#### EXERCISE DETAILS
Copy each line below holding "this".

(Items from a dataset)
*****

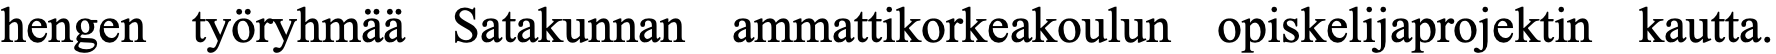
hengen työryhmää Satakunnan ammattikorkeakoulun opiskelijaprojektin kautta.
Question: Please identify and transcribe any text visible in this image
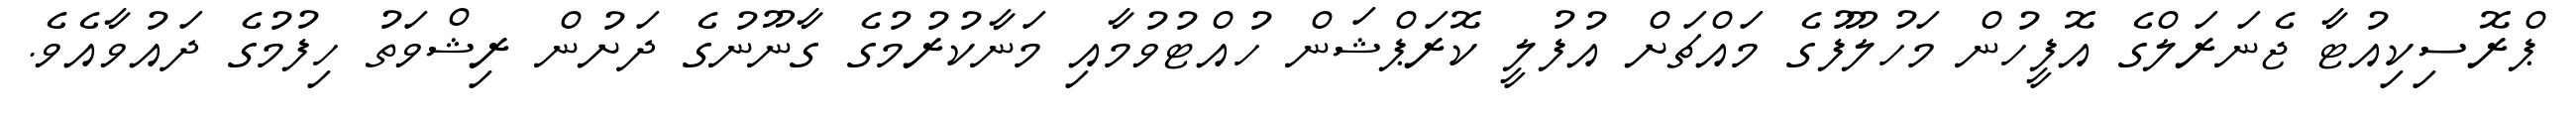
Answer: ޕްރޮސިކިއުޓާ ޖެނަރަލްގެ އޮފީހުން މަހުލޫފުގެ މައްޗަށް އުފުލީ ކޮރަޕްޝަން ހުއްޓުވުމާއި މަނާކުރުމުގެ ގާނޫނުގެ ދަށުން ރިޝްވަތު ހިފުމުގެ ދައުވާއެވެ.
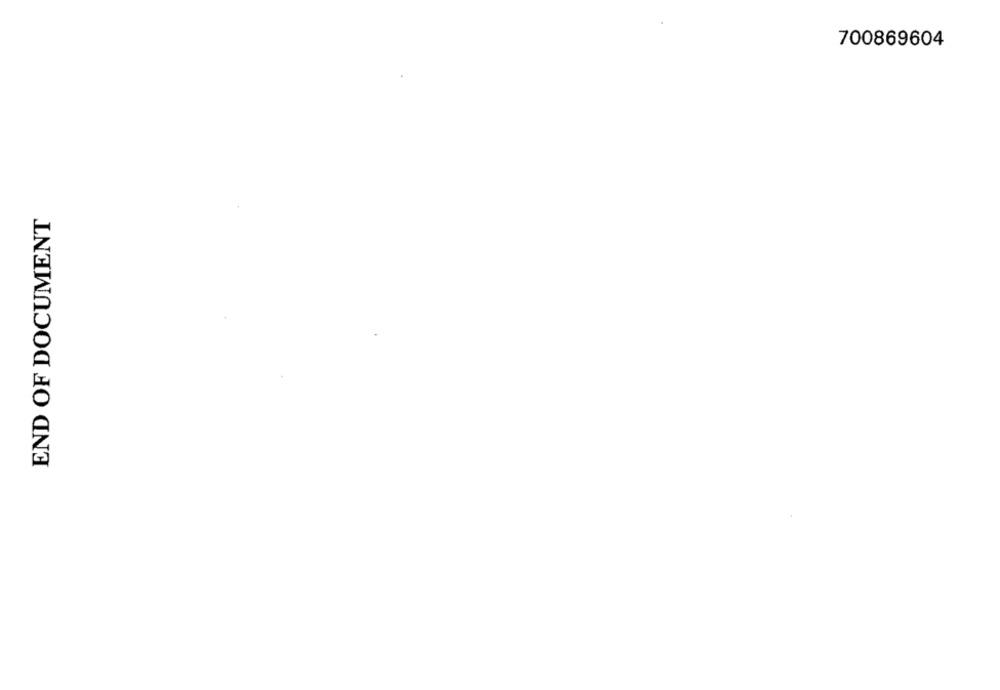
700869604
END OF DOCUMENT
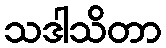
သဒါသိတာ
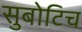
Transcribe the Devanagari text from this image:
सुबोटिच
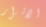
الاشرار
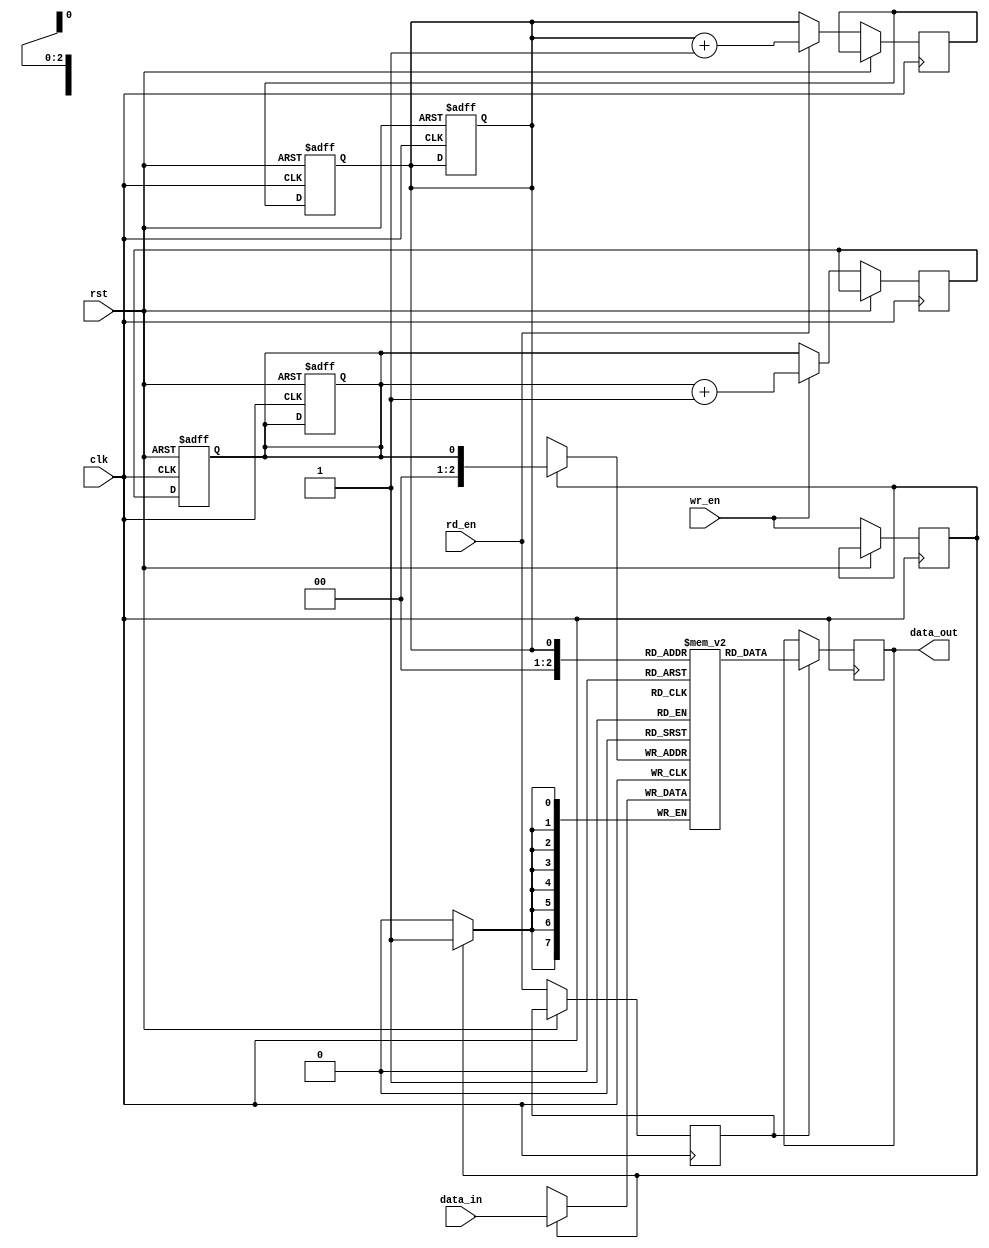
module synchronous_fifo (
    input wire clk,
    input wire rst,
    input wire wr_en,
    input wire rd_en,
    input wire [7:0] data_in,
    output reg [7:0] data_out
);

reg [7:0] fifo [0:7];
reg wr_ptr = 0;
reg rd_ptr = 0;
reg wr_ptr_next;
reg rd_ptr_next;
reg wr_en_sync;
reg rd_en_sync;

always @(posedge clk or posedge rst) begin
    if (rst) begin
        wr_ptr <= 0;
        rd_ptr <= 0;
    end else begin
        if (wr_en)
            wr_ptr_next <= wr_ptr + 1;
        else
            wr_ptr_next <= wr_ptr;
            
        if (rd_en)
            rd_ptr_next <= rd_ptr + 1;
        else
            rd_ptr_next <= rd_ptr;
            
        wr_en_sync <= wr_en;
        rd_en_sync <= rd_en;
    end
end

always @(posedge clk or posedge rst) begin
    if (rst) begin
        wr_ptr <= 0;
        rd_ptr <= 0;
    end else begin
        wr_ptr <= wr_ptr_next;
        rd_ptr <= rd_ptr_next;
    end
end

always @(posedge clk) begin
    if (wr_en_sync)
        fifo[wr_ptr] <= data_in;
        
    if (rd_en_sync)
        data_out <= fifo[rd_ptr];
end

endmodule

*****

#### RESPONSE AREA
Question: Please identify and transcribe any text visible in this image
Transcribe the Devanagari text from this image:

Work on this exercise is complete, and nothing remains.